Case studies and tools to support the submission of our paper "Deductive Verification of Parameterized Embedded Systems modeled in SystemC" to FMCAD 2023.
In the examples folder you can find the various versions of the robot case study and the producer consumer case study mentioned in the Evaluation section (Sec. 5) of our paper. Each subfolder contains both the original SystemC design (which you can compile and simulate with SystemC) and a pvl file with our transformation. The pvl files also contain the RASI invariant and are annotated with program counters. The robot and robot-1MS examples are also annotated with a property to verify. You can verify any of these examples with VerCors by calling
vct --silicon file1.pvl file2.pvl ... fileN.pvl
For most of the examples, there is a single pvl file. For the ABSASR example, make sure you list all pvl files in its folder as inputs to VerCors.
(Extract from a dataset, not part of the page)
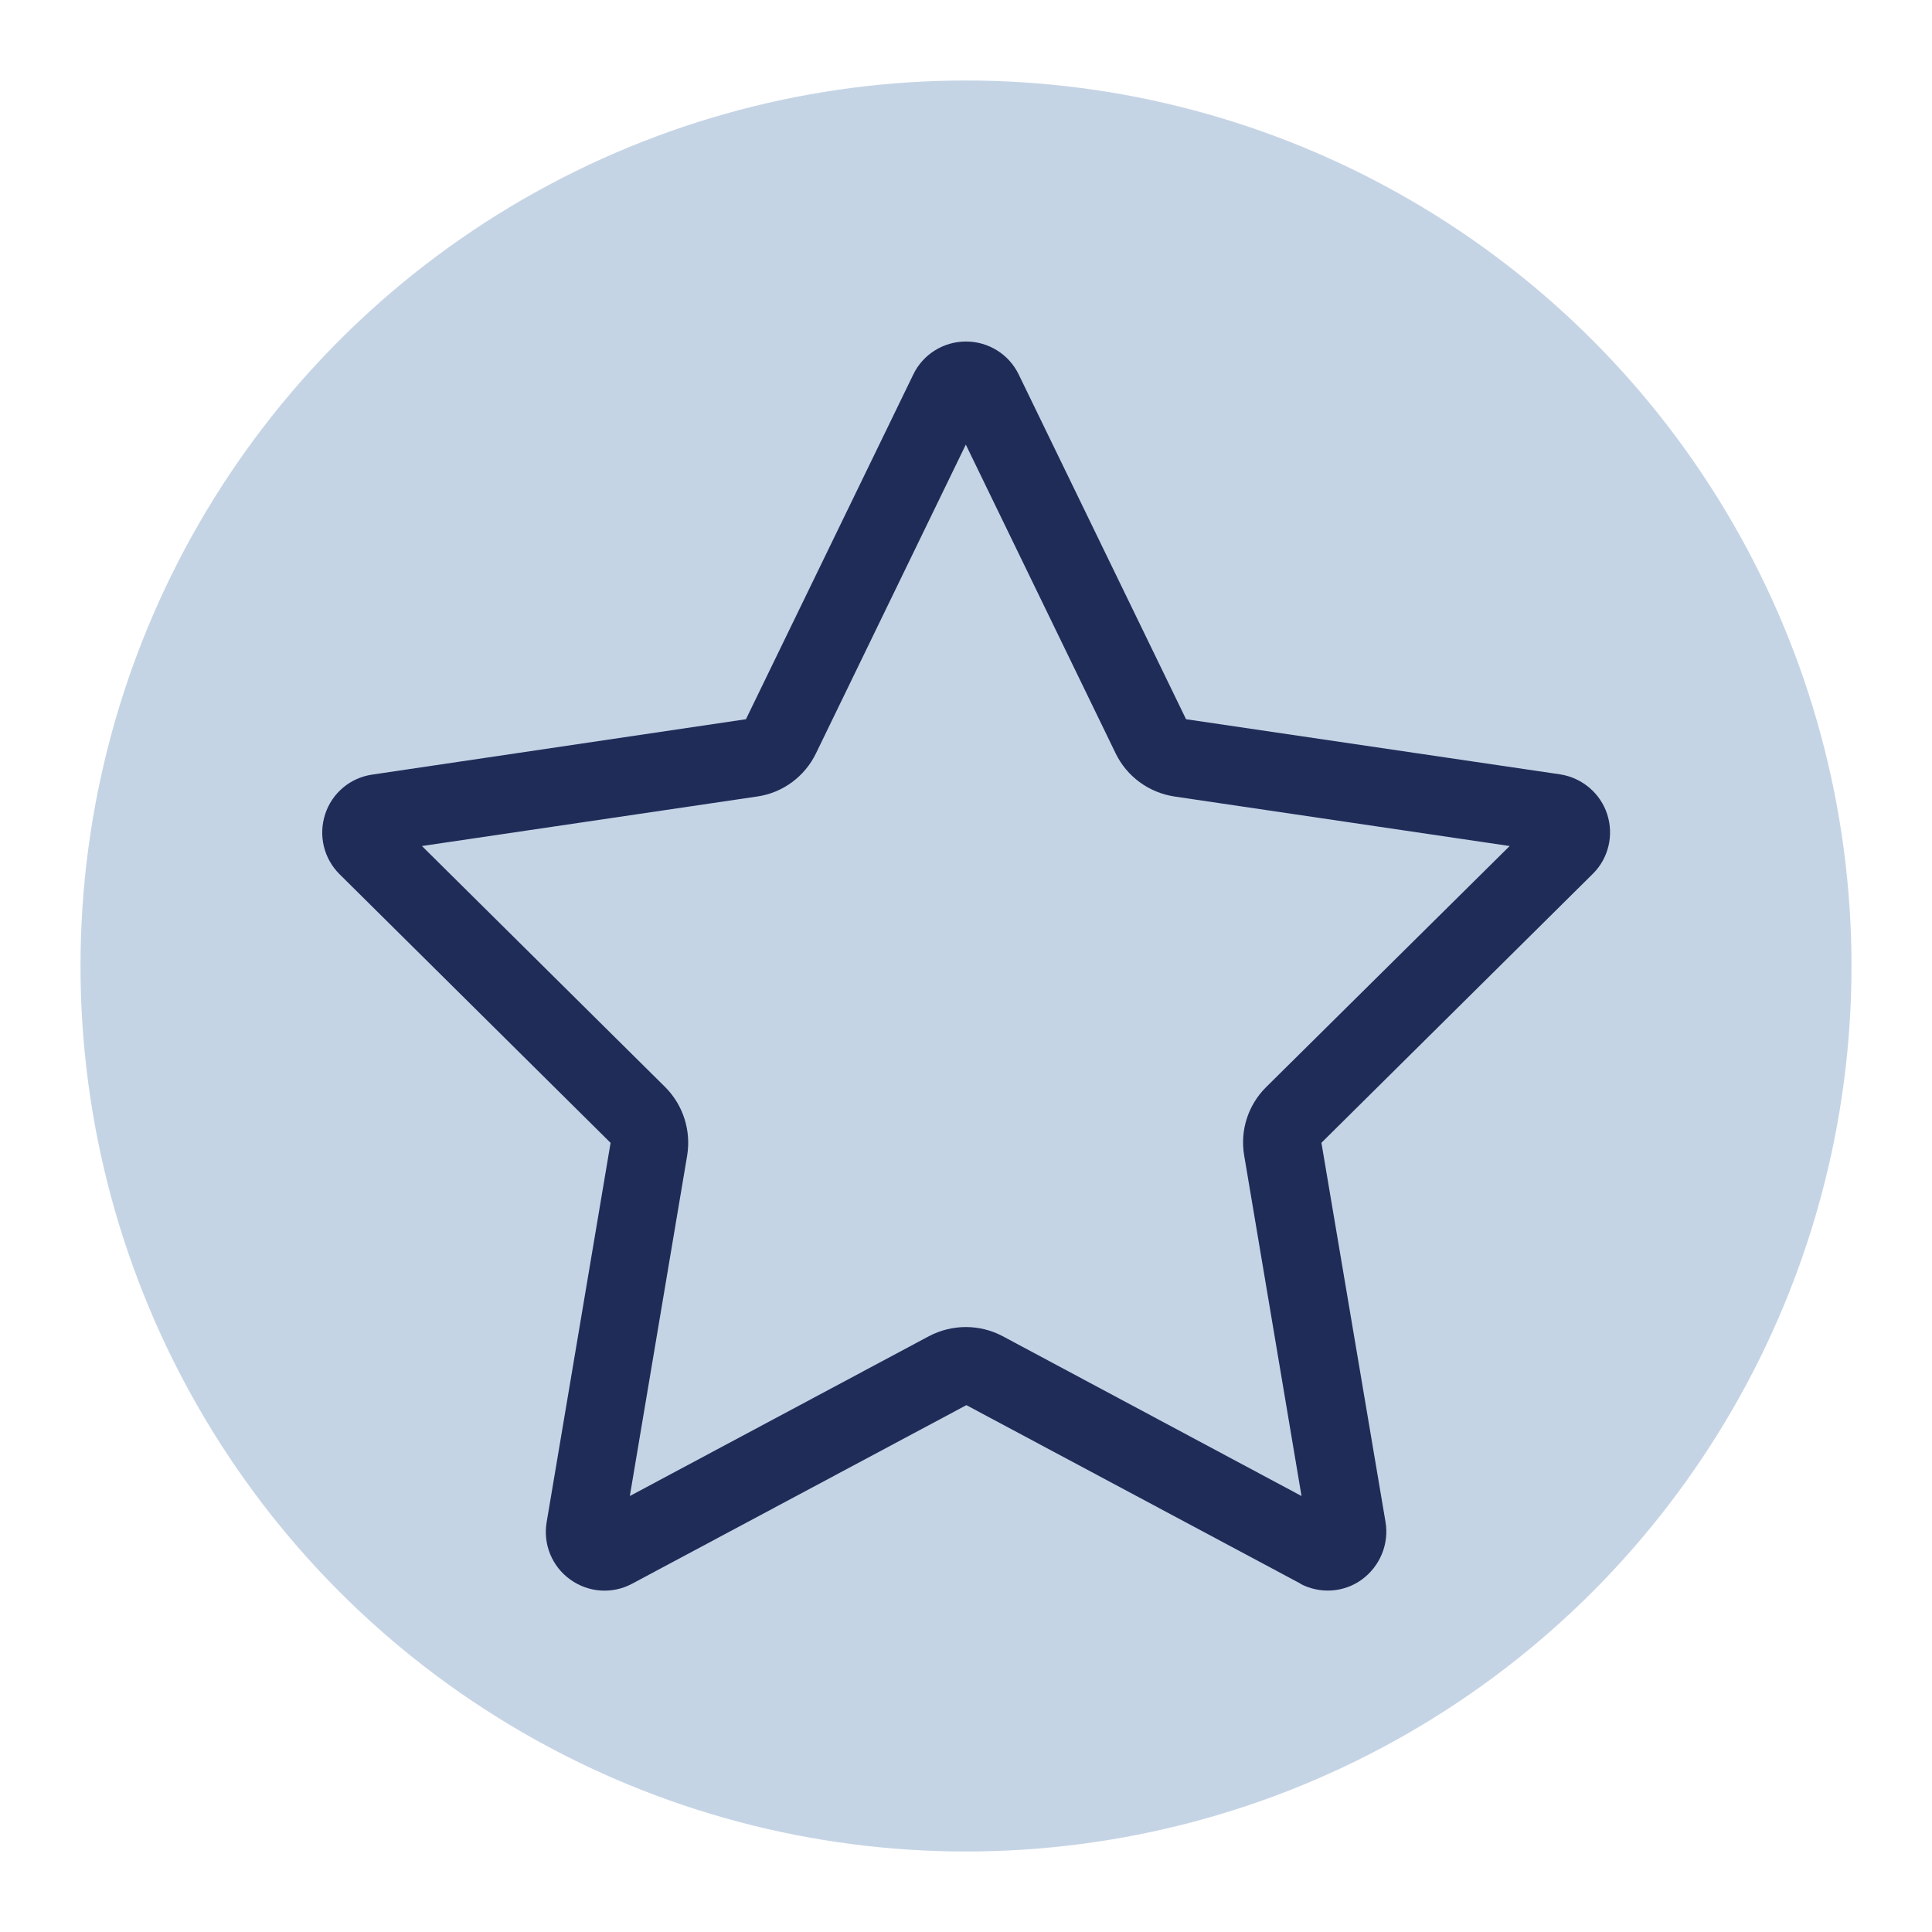 <?xml version="1.0" encoding="UTF-8"?><svg id="Layer_1" xmlns="http://www.w3.org/2000/svg" viewBox="0 0 300 300"><defs><style>.cls-1{fill:#c5d4e5;}.cls-2{fill:#202c58;}</style></defs><circle class="cls-1" cx="150" cy="150" r="137.5"/><path class="cls-2" d="M126.71,116.97l23.26-47.93,23.26,47.93c1.74,3.6,5.15,6.1,9.13,6.71l52.06,7.69-37.81,37.43c-2.8,2.77-4.09,6.74-3.41,10.65l8.9,52.85-46.41-24.82c-3.56-1.89-7.84-1.89-11.44,0l-46.45,24.82,8.9-52.85c.64-3.9-.61-7.84-3.41-10.65l-37.77-37.43,52.06-7.69c3.98-.57,7.39-3.11,9.13-6.71ZM201.88,245.91c3.07,1.63,6.78,1.4,9.59-.64,2.8-2.05,4.24-5.49,3.68-8.9l-9.96-58.92,42.13-41.75c2.46-2.42,3.3-6.02,2.24-9.28s-3.9-5.65-7.31-6.18l-58.08-8.56-25.99-53.54c-1.52-3.14-4.7-5.11-8.18-5.11s-6.67,1.97-8.18,5.11l-25.99,53.54-58.04,8.6c-3.41.49-6.25,2.88-7.31,6.18s-.19,6.86,2.24,9.28l42.09,41.72-9.93,58.92c-.57,3.41.83,6.86,3.68,8.9s6.55,2.27,9.59.64l51.91-27.73,51.91,27.73h-.04Z"/></svg>

Instructions for downloading VerCors can be found at the end of this README.
For your convenience, we list here the experimental results also found in Sec. 5 of our paper
Design | #processes | #properties | # manual invariants | RASI size | Verification time (seconds) |
---|---|---|---|---|---|
robot | 2 | 1 | 2 | 8 | 13 |
robot-1MS | 2 | 1 | 4 | 12 | 15 |
robot-dummy | 3 | 1 | 4 | 24 | 34 |
producer-consumer | 2 | 2 | 8 | 72 | 52 |
ABS/ASR | 6 | 9 | 9 | 247 | 10400 |
The tool folder contains our tool for automatically generating the transformation from a SystemC design into pvl, following our paper. Instructions on how to run the tool and a short list of dependencies can be found in the README inside the tool folder.
The RASI folder contains scripts for generating the RASI for each of the case studies of the example folder. You can generate it as an over-approximation with the scripts in the RASI/exploration folder or as an under-approximation with the scripts in the RASI/simulation folder.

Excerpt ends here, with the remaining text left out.